Eric Fry to Justice Litle:


Thanks for the heads up on the number. I realized my error
this morning. But late last night when I was bleary-eyed, I
simply glanced at the right scale (open interest) instead
of the left scale (net position).

As for dumb money characterizations, obviously they are
simplistic. But simplistically speaking, the "commercials"
have tended to fade extremes in markets better than any
other COT category trader, wouldn’t you agree?

In other words, they are the ones who most often sell into
tops and buy into lows. (And yes, I know the data, just
like the NYSE short-interest data, are flawed because they
cannot distinguish hedges from naked positions. But almost
all data upon which investors rely are imperfect in some

Net-net, as ONE indicator among many, the COT data are
helpful…at extremes.

Thus, I agree completely with you that this works best as
an oscillating sort of indicator. And I used it very
effectively as such during the years that I managed money
professionally. Obviously, there is no one indicator that
always works in all environments. But when multiple
indicators flash the same general message, it’s usually
best to heed them.



P.S. Paul Tudor Jones might well be short unleaded against
a long position in natural gas or who knows what.

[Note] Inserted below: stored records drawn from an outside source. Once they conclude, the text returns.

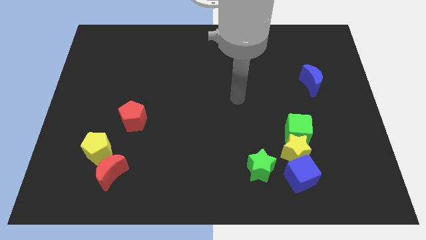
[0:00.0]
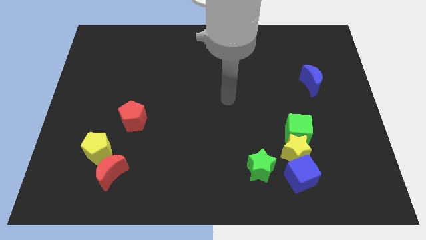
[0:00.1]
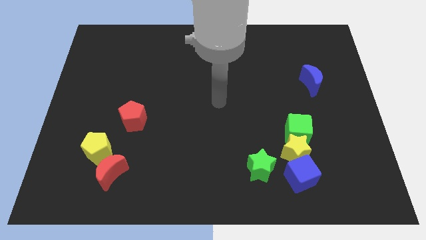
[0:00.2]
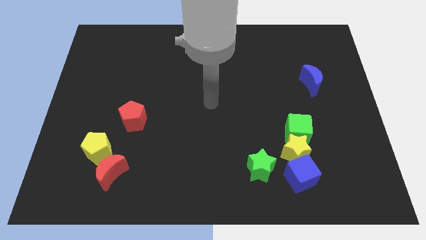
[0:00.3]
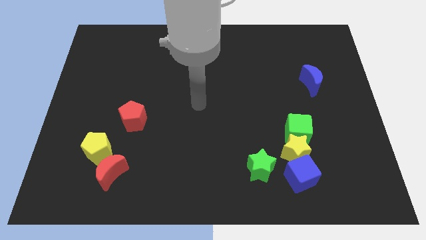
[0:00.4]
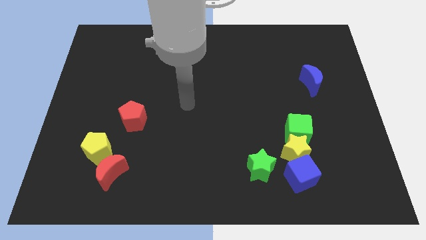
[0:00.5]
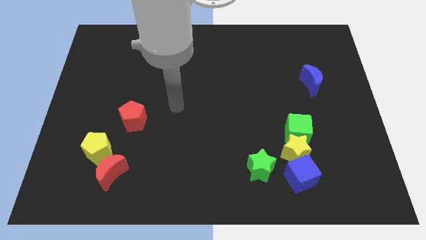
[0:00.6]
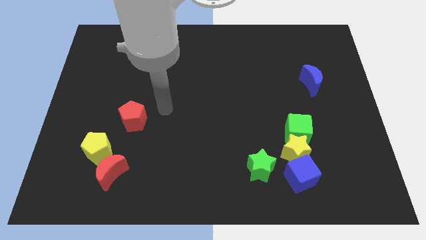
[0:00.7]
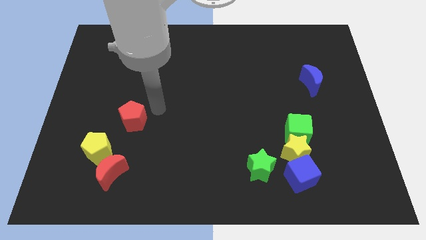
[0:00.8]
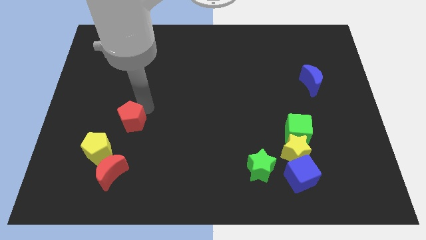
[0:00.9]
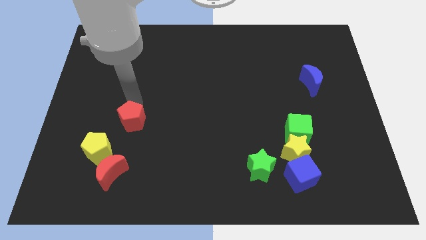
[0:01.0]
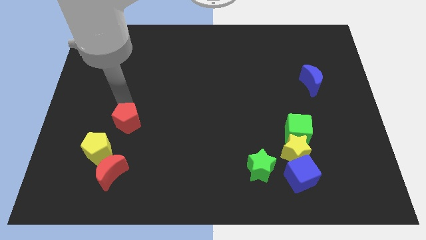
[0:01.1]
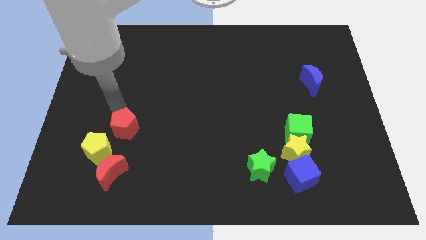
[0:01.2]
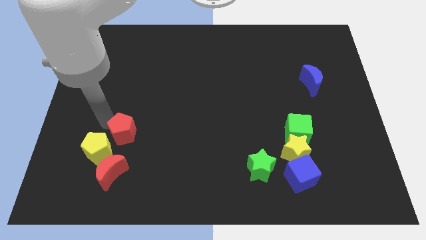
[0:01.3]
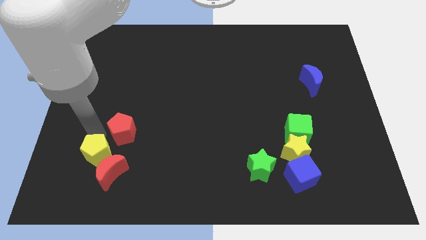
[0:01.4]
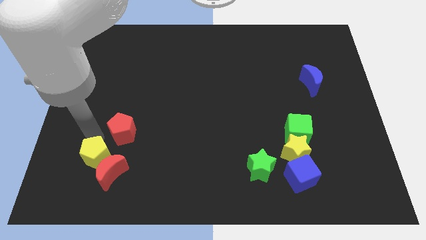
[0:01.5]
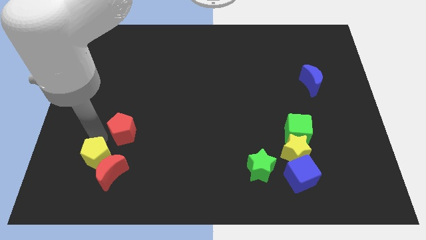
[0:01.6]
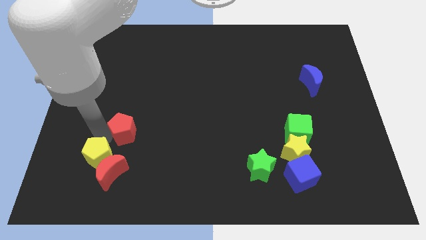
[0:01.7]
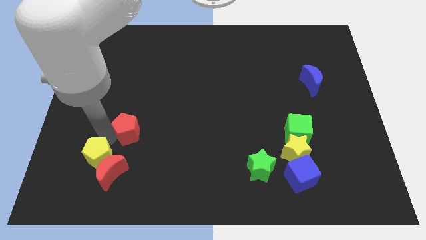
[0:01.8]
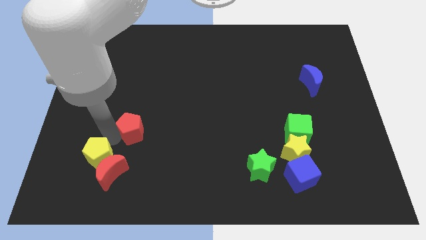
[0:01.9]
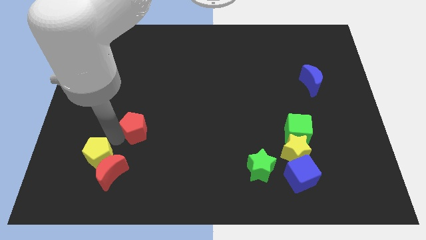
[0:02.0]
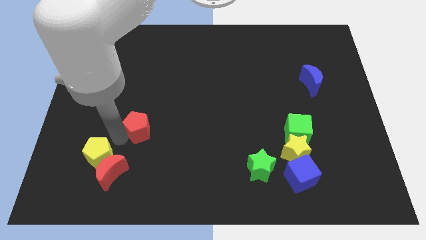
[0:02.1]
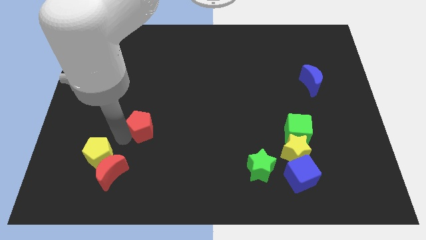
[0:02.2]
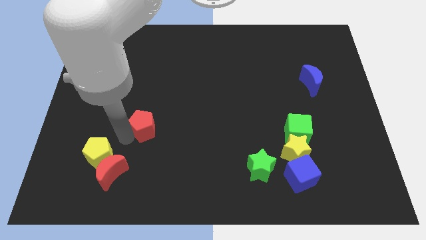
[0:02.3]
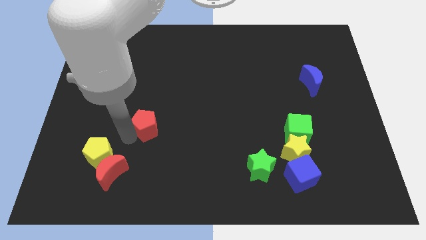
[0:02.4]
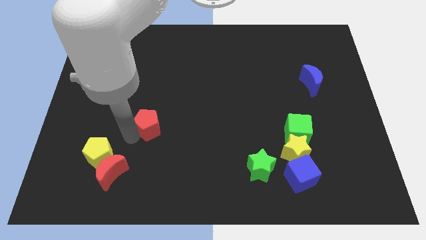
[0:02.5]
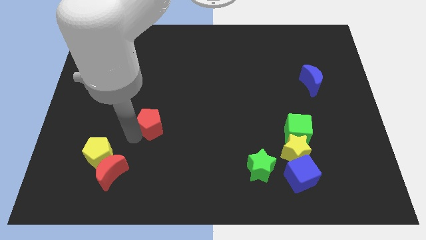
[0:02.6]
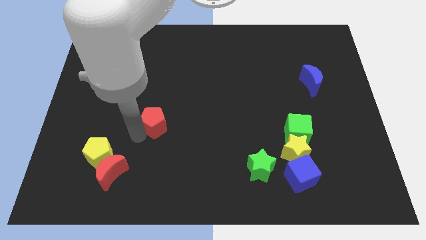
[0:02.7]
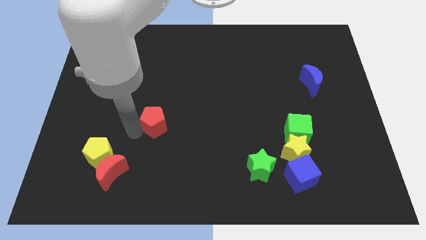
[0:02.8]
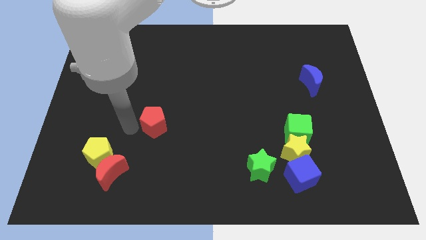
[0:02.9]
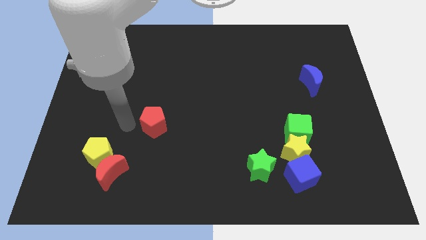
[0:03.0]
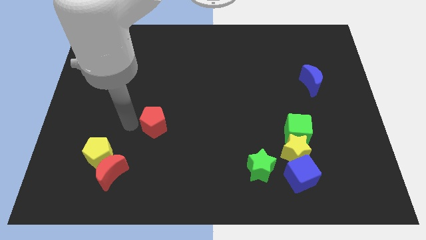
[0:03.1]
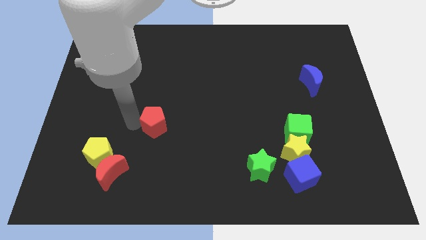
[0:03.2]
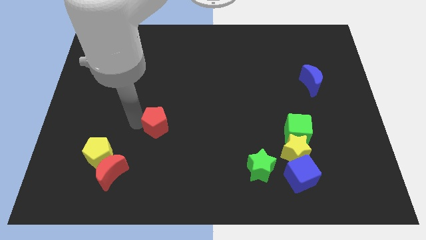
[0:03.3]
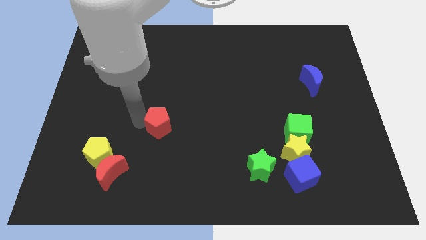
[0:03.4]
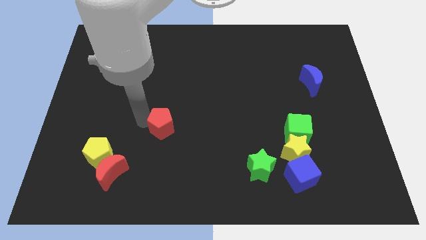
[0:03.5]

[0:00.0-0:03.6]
slide the red pentagon right somewhat

The rest
of the "large specs" might have naked positions. Who knows?
At the end of the day, not all the "large specs" are Paul
Tudor Jones. I don’t try to over-analyze the data. In
general, at extremes, I’d rather be with the commercials
than with either the large specs or the small specs."

Justice Litle to Eric Fry:

"Hi Eric,

Yep, I definitely agree with you in principle…no doubt
the commercials are generally the most well-positioned at
tops and bottoms, and a good portion of the large specs are
mechanical trend followers who routinely give back a chunk
of their gains when a trend reverses.